-- Exercise goal --
Whenever a picture appears, leave it out while repeating all the other data exactly.

-- Data provided --
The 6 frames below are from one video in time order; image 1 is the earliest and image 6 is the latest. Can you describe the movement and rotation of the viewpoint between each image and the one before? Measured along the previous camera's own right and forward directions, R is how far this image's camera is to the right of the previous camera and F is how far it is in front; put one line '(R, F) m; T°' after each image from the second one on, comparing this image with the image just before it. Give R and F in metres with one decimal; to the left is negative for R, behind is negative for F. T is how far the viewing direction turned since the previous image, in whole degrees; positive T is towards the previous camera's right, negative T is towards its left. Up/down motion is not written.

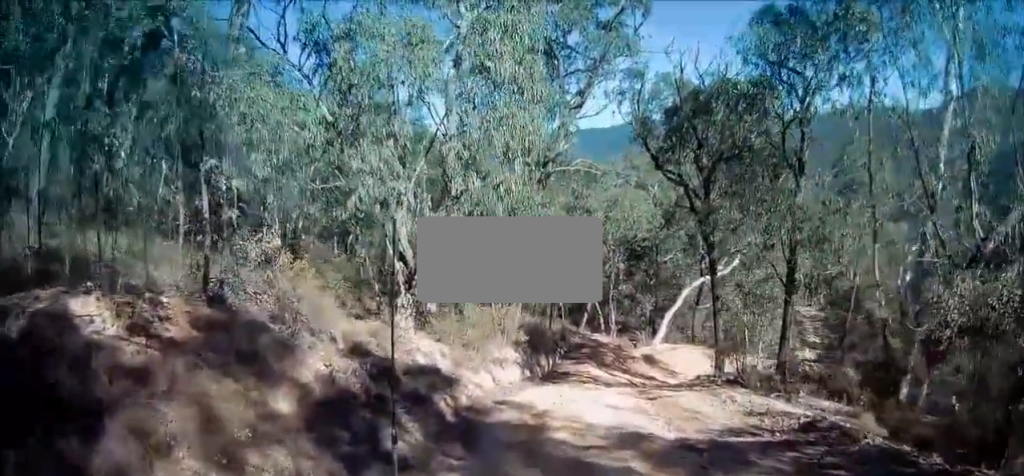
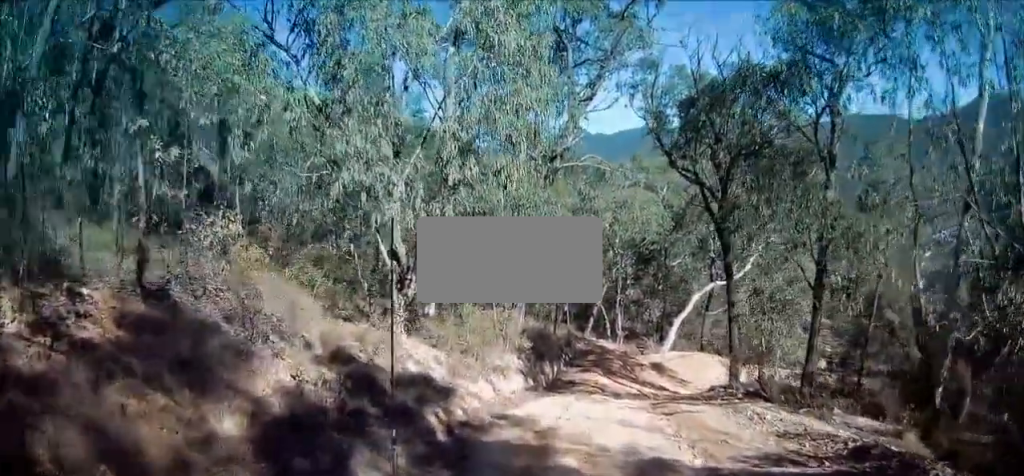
(+0.3, +1.2) m; 0°
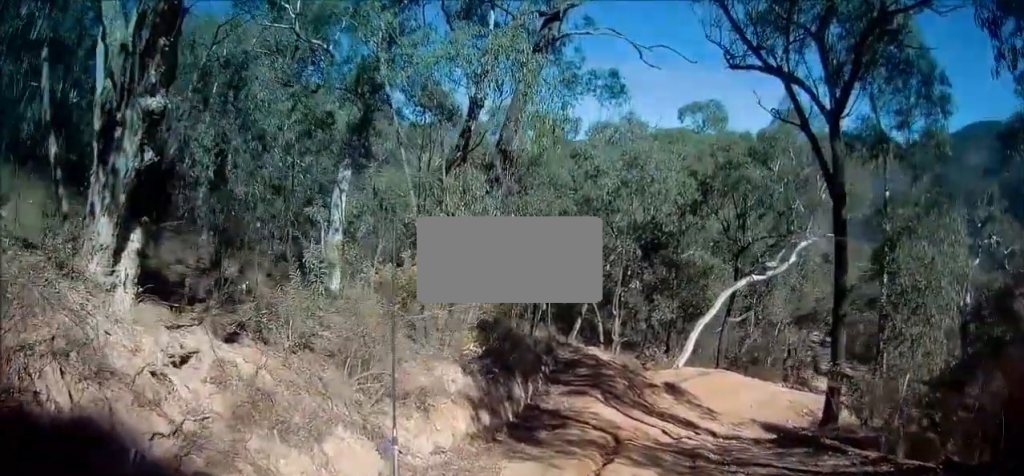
(-0.1, +8.2) m; -7°
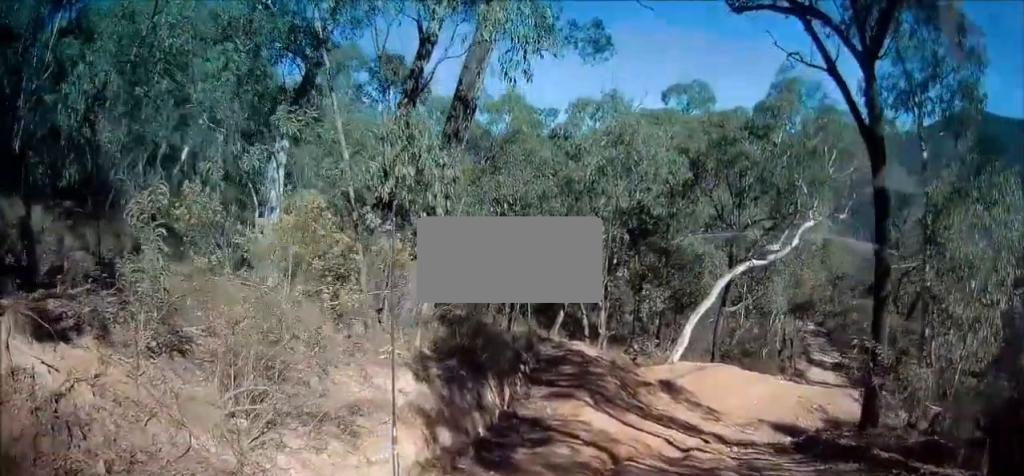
(-0.2, +2.4) m; +1°
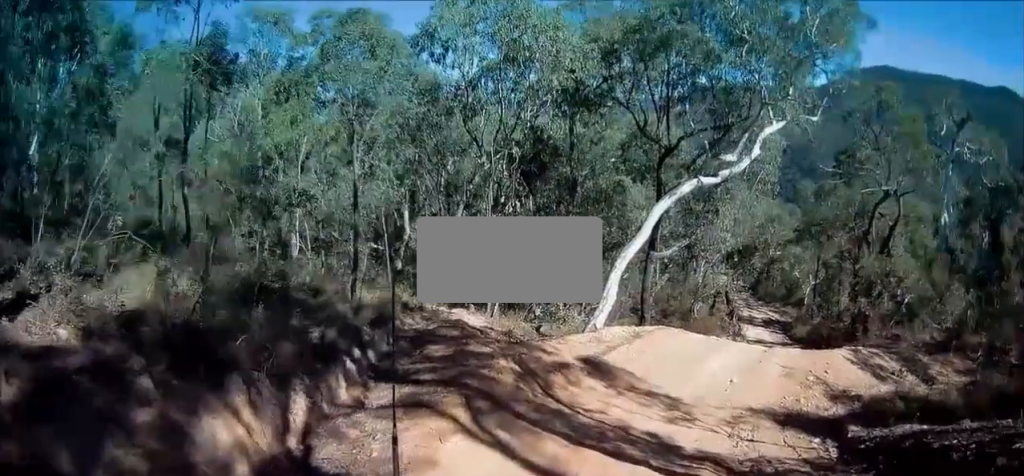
(+1.8, +6.9) m; +9°
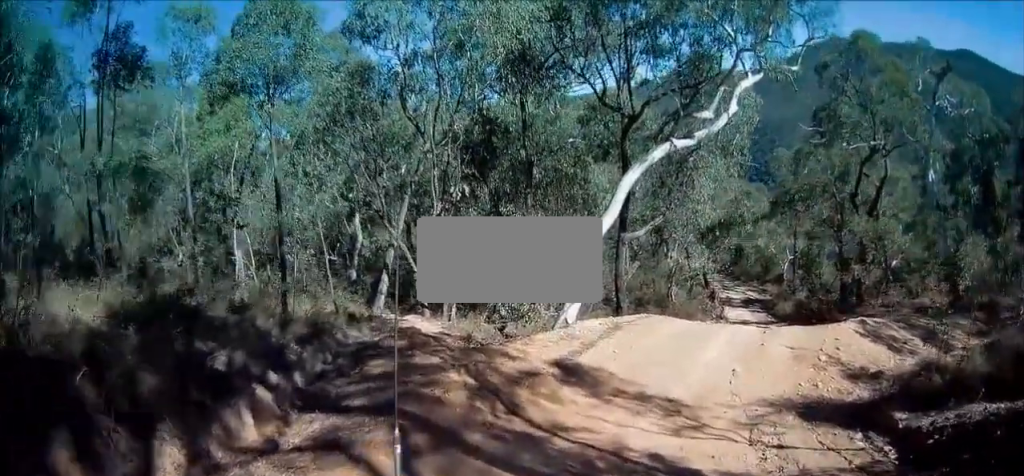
(-0.5, +2.3) m; 0°

-- Expected answer --
The 6 frames below are from one video in time order; image 1 is the earliest and image 6 is the latest. Can you describe the movement and rotation of the viewpoint between each image and the one before? Measured along the previous camera's own right and forward directions, R is how far this image's camera is to the right of the previous camera and F is how far it is in front; put one line '(R, F) m; T°' after each image from the second one on, comparing this image with the image just before it. Give R and F in metres with one decimal; to the left is negative for R, behind is negative for F. T is how far the viewing direction turned since the previous image, in whole degrees; positive T is towards the previous camera's right, negative T is towards its left. Up/down motion is not written.

(+0.3, +1.2) m; 0°
(-0.1, +8.2) m; -7°
(-0.2, +2.4) m; +1°
(+1.8, +6.9) m; +9°
(-0.5, +2.3) m; 0°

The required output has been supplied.